En parallèle de ce travail, et avant de solliciter la moindre aide extérieure, l’Algérie doit remettre de l’ordre dans ses comptes publics, en commençant par identifier les domaines dans lesquels faire des économies. Les entreprises publiques coûtent trop cher. Les systèmes de sécurité sociale et de retraite sont plombés par les déficits. Aussi, il convient de mesurer l’impact des réformes menées pour s’assurer de leur efficacité, une pratique qui devra se généraliser pour les réformes futures.

Un plan de développement adossé à une vision

Une fois ce processus engagé, et une fois seulement, nous pourrons nous tourner vers l’endettement international, si nécessaire. J’insiste : il ne sert à rien de solliciter de l’argent auprès du FMI ou d’autres institutions si nous n’avons pas, auparavant, rationalisé le budget et défini un plan de développement adossé à une vision.
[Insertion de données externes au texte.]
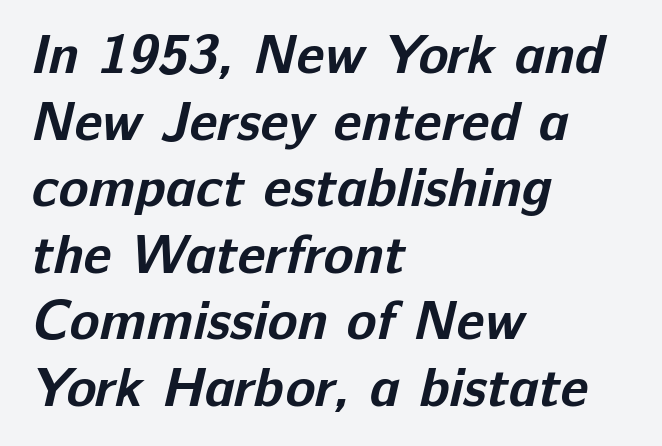
Is the letter spacing exaggerated? No — it looks like the ordinary default. A bare baseline throughout the passage. The rendering shows plain stroke endings on the letterforms — a sans-serif design. Looks like regular typesetting: each glyph gets only the width it needs.
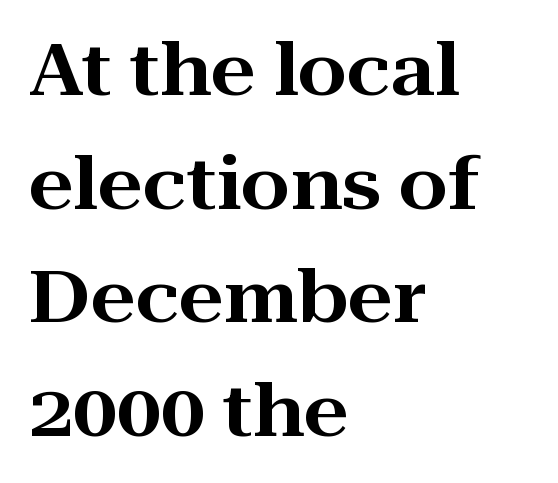
{"serif": "yes", "italic": "no", "width": "wide", "stroke_contrast": "high", "x_height": "medium", "monospaced": "no", "underline": "no", "align": "left", "line_spacing": "normal", "line_spacing_ratio": 1.6, "letter_spacing": "normal", "letter_spacing_em": 0.0, "glyph_px": 71}
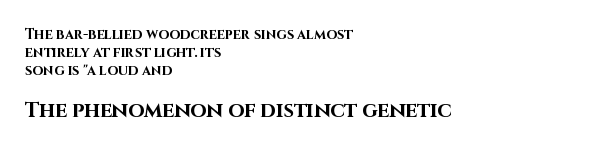
Q: Is the text bold? A: Yes.
Q: Is the text italic (slanted)? A: No, it is upright.
Q: Is the text underlined? A: No.
Q: How is the paragraph aligned? A: Left-aligned.
Q: Is the spacing between letters normal or unusually wide? A: Normal.
Q: Is the spacing between lines tight, normal or loose? A: Normal.
Q: Which block of text is set in a larger size, the first (top) or the second (bottom)? A: The second (bottom) one.
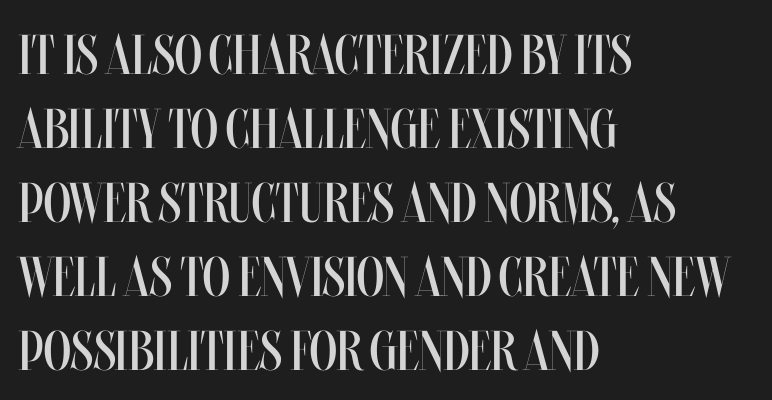
Spacing verdict: proportional, widths tailored to each character. The setting favours the left margin, as ordinary paragraphs usually do. The letters stand upright; this is a roman face. Leading matches the norm, producing a regular column. Think standard paragraph weight, or any step lighter than that.
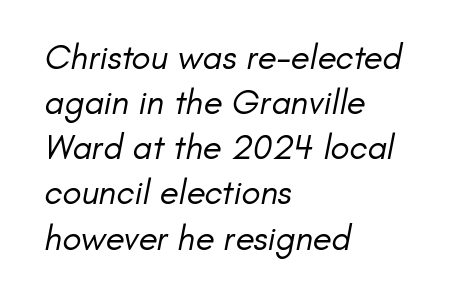
Q: Is the text bold? A: No.
Q: Is the typeface a serif or a sans-serif typeface? A: Sans-serif.
Q: Is the text underlined? A: No.
Q: How is the paragraph aligned? A: Left-aligned.
Q: Is the spacing between letters normal or unusually wide? A: Normal.
Q: Is the spacing between lines tight, normal or loose? A: Normal.
Q: Width (condensed, normal, or wide)? A: Normal.
Q: Stroke contrast? A: Low.
Q: x-height? A: Small.
Q: Monospaced? A: No.
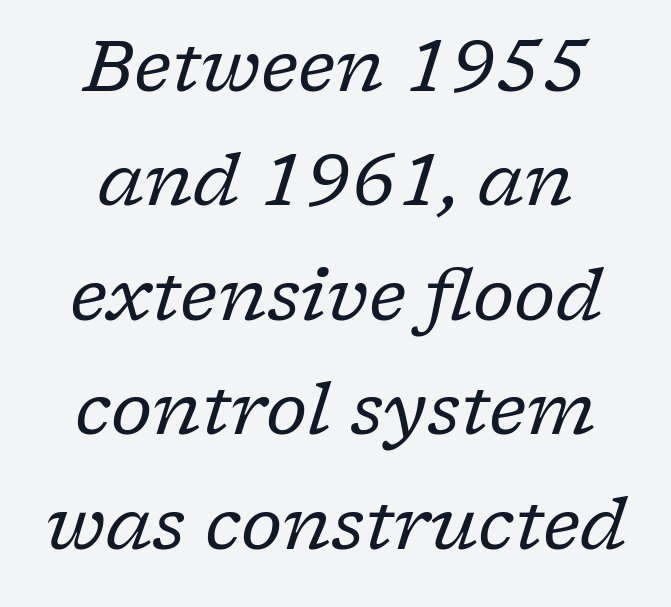
Q: Is the text bold? A: No.
Q: Is the text italic (slanted)? A: Yes, it leans right by about 17 degrees.
Q: Is the typeface a serif or a sans-serif typeface? A: Serif.
Q: Is the text underlined? A: No.
Q: How is the paragraph aligned? A: Centered.
Q: Is the spacing between letters normal or unusually wide? A: Normal.
Q: Is the spacing between lines tight, normal or loose? A: Normal.
Q: Width (condensed, normal, or wide)? A: Normal.
Q: Stroke contrast? A: Low.
Q: x-height? A: Medium.
Q: Monospaced? A: No.

En outre, plus que d’un soutien financier, c’est d’un appui technique dont devrait davantage bénéficier l’Algérie. Une expertise pour, entre autres, mettre fin aux subventions publiques de façon progressive, pour protéger la population et le tissu industriel, pour accompagner les projets clés sur le moyen terme et le long terme. Pour enfin se débarrasser de ce qui a si longtemps entravé toute marche en avant du pays.